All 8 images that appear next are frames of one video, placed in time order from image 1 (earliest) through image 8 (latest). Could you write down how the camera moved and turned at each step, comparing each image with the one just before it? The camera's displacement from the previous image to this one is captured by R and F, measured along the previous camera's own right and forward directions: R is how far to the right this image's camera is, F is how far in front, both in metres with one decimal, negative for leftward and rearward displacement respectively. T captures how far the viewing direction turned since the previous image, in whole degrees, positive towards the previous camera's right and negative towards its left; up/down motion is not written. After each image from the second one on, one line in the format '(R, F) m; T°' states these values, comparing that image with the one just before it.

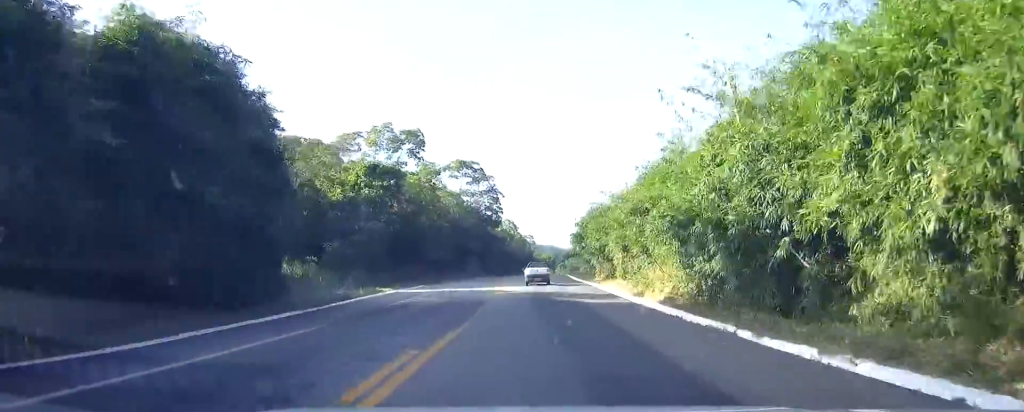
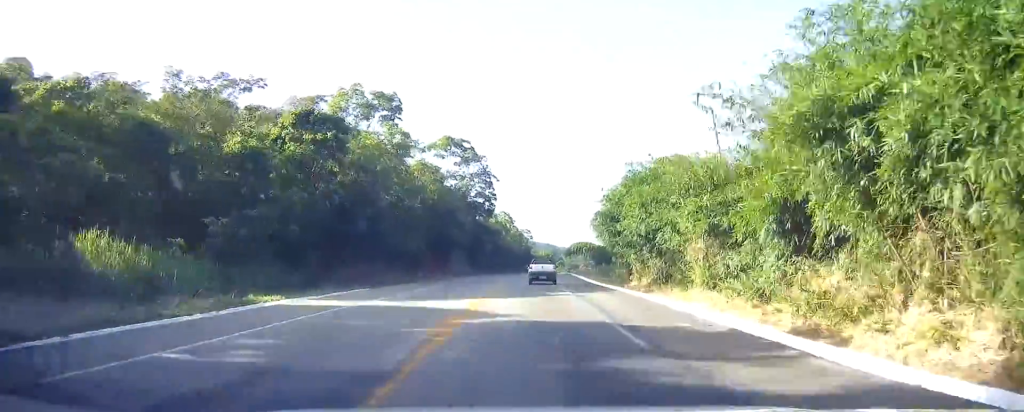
(+0.1, +20.0) m; +1°
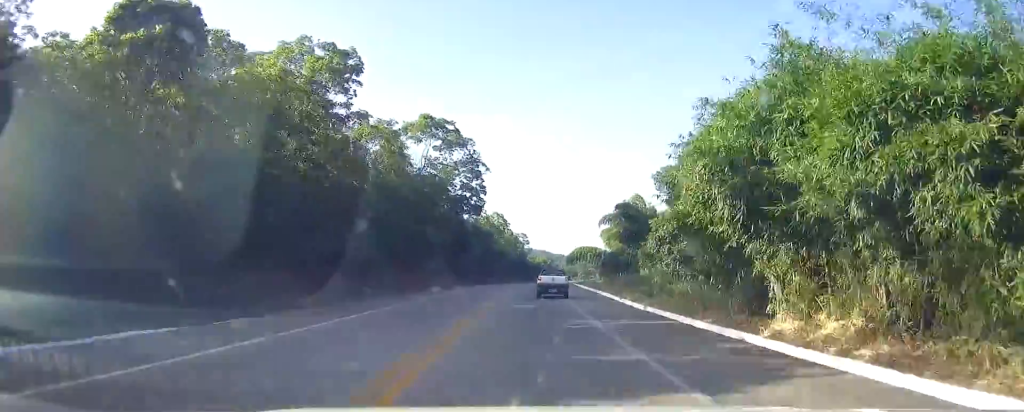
(+0.1, +21.5) m; 0°
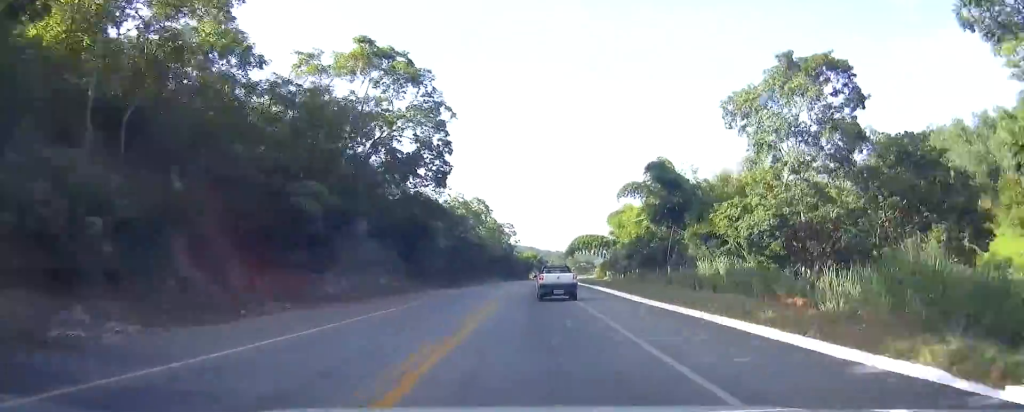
(+0.1, +31.0) m; +1°
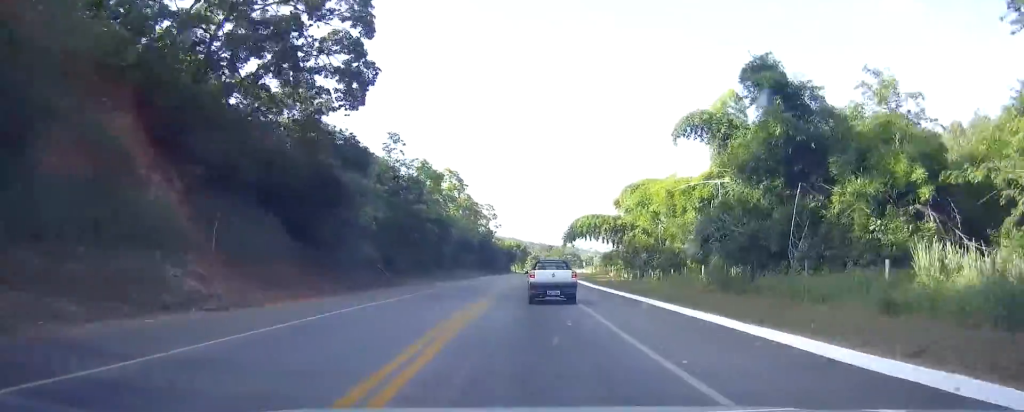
(+0.3, +31.0) m; +1°
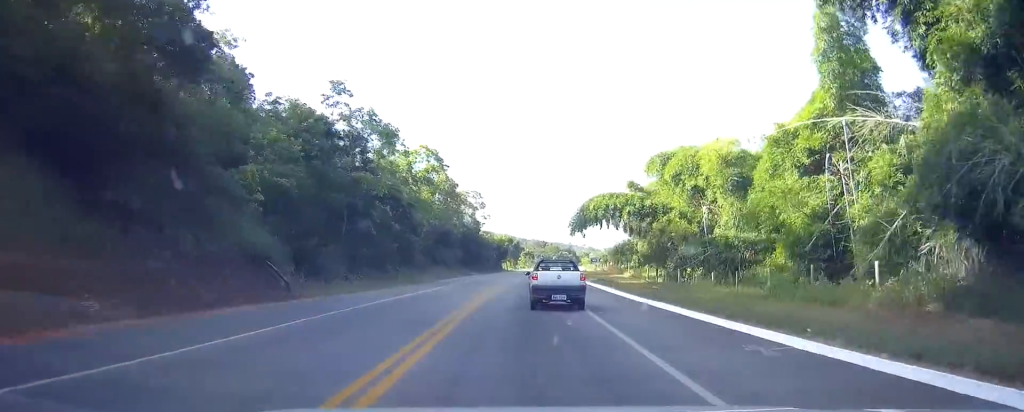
(+0.1, +21.4) m; +1°
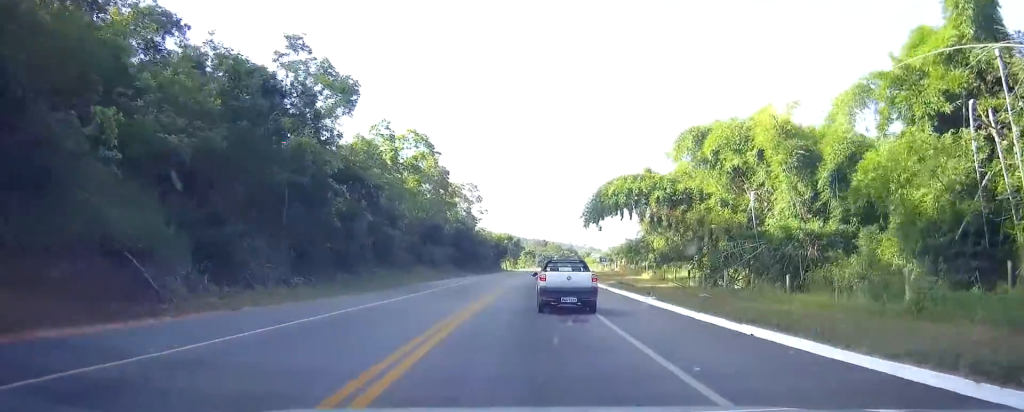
(0.0, +11.9) m; 0°
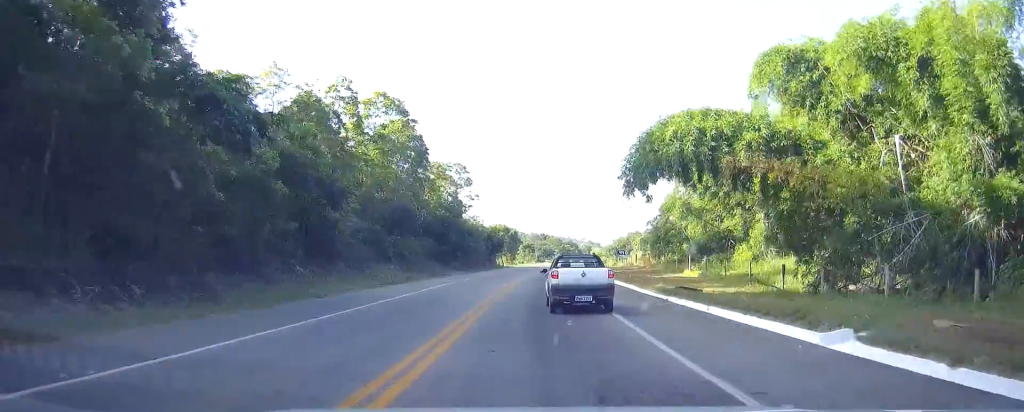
(+0.3, +19.2) m; 0°

—————

## Requirement
The material above is to be output exactly, with each picture left out.

## Output of the task
All 8 images that appear next are frames of one video, placed in time order from image 1 (earliest) through image 8 (latest). Could you write down how the camera moved and turned at each step, comparing each image with the one just before it? The camera's displacement from the previous image to this one is captured by R and F, measured along the previous camera's own right and forward directions: R is how far to the right this image's camera is, F is how far in front, both in metres with one decimal, negative for leftward and rearward displacement respectively. T captures how far the viewing direction turned since the previous image, in whole degrees, positive towards the previous camera's right and negative towards its left; up/down motion is not written. After each image from the second one on, one line in the format '(R, F) m; T°' states these values, comparing that image with the one just before it.

(+0.1, +20.0) m; +1°
(+0.1, +21.5) m; 0°
(+0.1, +31.0) m; +1°
(+0.3, +31.0) m; +1°
(+0.1, +21.4) m; +1°
(0.0, +11.9) m; 0°
(+0.3, +19.2) m; 0°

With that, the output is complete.